9) To write the system of equations that represents the total cost of pens and markers, let p represent the number of pens and m represent the number of markers. The total number of pens and markers is 19, so the equation is p + m = 19. The cost of each pen is $0.25 and the cost of each marker is $0.75, so the total cost is $0.25p + $0.75m = $11.50.
10) To determine how many times Joyce needs to visit the zoo to justify the expense of the membership fee, compare the cost of paying $45 for each visit versus joining the membership for $50 and paying $20 per visit. Divide the membership fee ($50) by the difference in cost per visit ($45 - $20 = $25) to find the breakeven point. In this case, Joyce needs to visit the zoo at least 3 times.
11) To get the same solution for both systems of equations, the value of c needs to be -4. This will make the second equation in each system identical.
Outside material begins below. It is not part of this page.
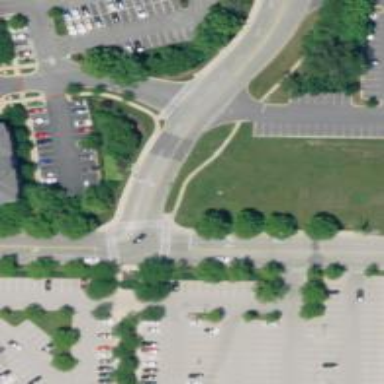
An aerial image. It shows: Marked road crossing.

12) To check if Susie's determination of infinitely many solutions is correct, use a Desmos calculator or any other method to graph the lines formed by the given points. If the lines coincide or completely overlap, there are infinitely many solutions.
13) To determine the value of the cars after 8 years based on the graph, find the y-coordinate where the graph intersects the line representing 8 years. In this case, both cars have a value of $9000 after 8 years.
14) The steps to solve the system of equations by substitution are as follows:
1. Solve one equation for one variable in terms of the other variable.
2. Substitute the expression obtained in step 1 into the other equation.
3. Simplify and solve the resulting equation for the remaining variable.
4. Substitute the value found in step 3 into either of the original equations to find the value of the other variable.
5. Check the solution by substituting the values of the variables into both original equations.